I’m so tired. All I want to do right now is curl into a ball and sleep off this migraine, but where the hell is my bedroom?
My feet heavy and weary, I make my way up the cream carpeted stairs and along the biggest hallway I have ever seen. I scan all the bedrooms, noticing that the one in the corner is open, but the others are shut. Considering Eli slept in a different hotel room than me, I’m guessing I have my own room here too. I pass by all the rooms where the doors are shut, then reach the end bedroom and immediately I know it’s mine.
White again. Everything is so white, it’s almost blinding. I groan, my headache simply not letting up. The color scheme certainly isn’t helping. I step in, noting that three of the five suitcases the driver brought in are sitting neatly next to my bed. I take my high heels off with a relief that makes me moan out loud before padding over to the suitcases to find suitable nightwear. Everything is neatly stacked in order of dresses, then casual wear, then nightwear/underwear. I have no clue who packed this, but they’re certainly very well organized.

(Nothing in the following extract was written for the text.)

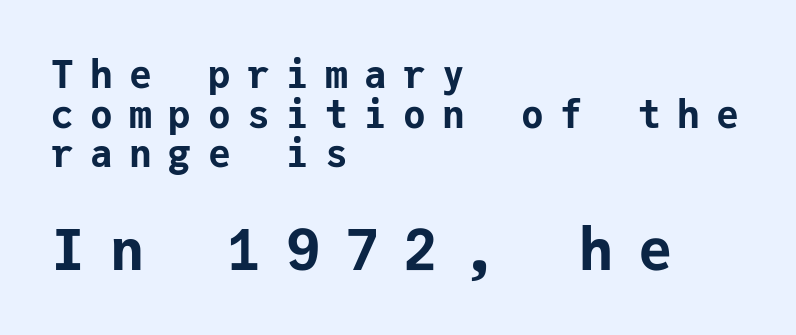
This sample uses a sans-serif face. The passage shown begins with its smaller block and ends with its larger one. Clear beneath every line of the passage. Quick note: interline space is minimal. How are the letters spaced? Widely, with obvious added tracking. Do the characters align in a grid? Yes, the font is monospaced.
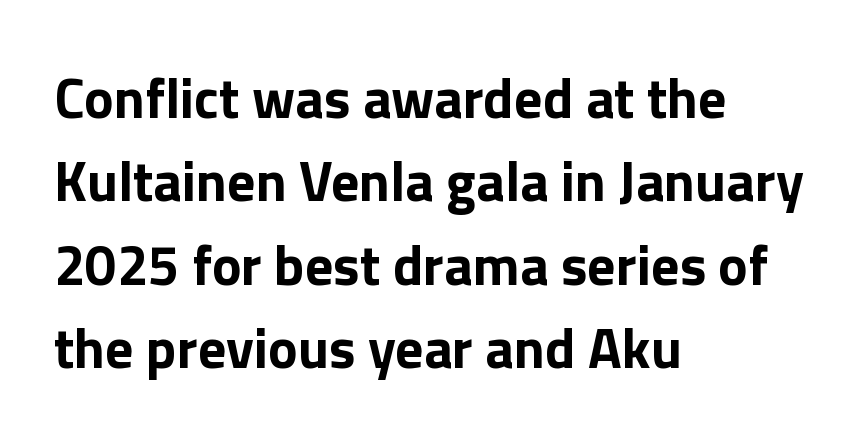
The image shows 56 px bold sans-serif type, upright; set left-aligned, normal line spacing (1.49x), normal letter spacing, not underlined; low stroke contrast and a medium x-height.

My eyes widen when my they land on a cosmetic case next to the nightwear. My hand snatches it as I secretly pray that some form of painkiller is in there to stop this raging headache. I rummage through, my hand clutching onto different objects. When it lands on something that rattles, I pull it out. Tylenol.
“Thank you, God,” I say, looking up at the heavens.
I race to the ensuite, which seems bigger than the living room downstairs, and quickly fill up a glass of water. I down the two pills, then throw my clothes haphazardly around the room before I land headfirst on top of the bed.
I’m out like a light.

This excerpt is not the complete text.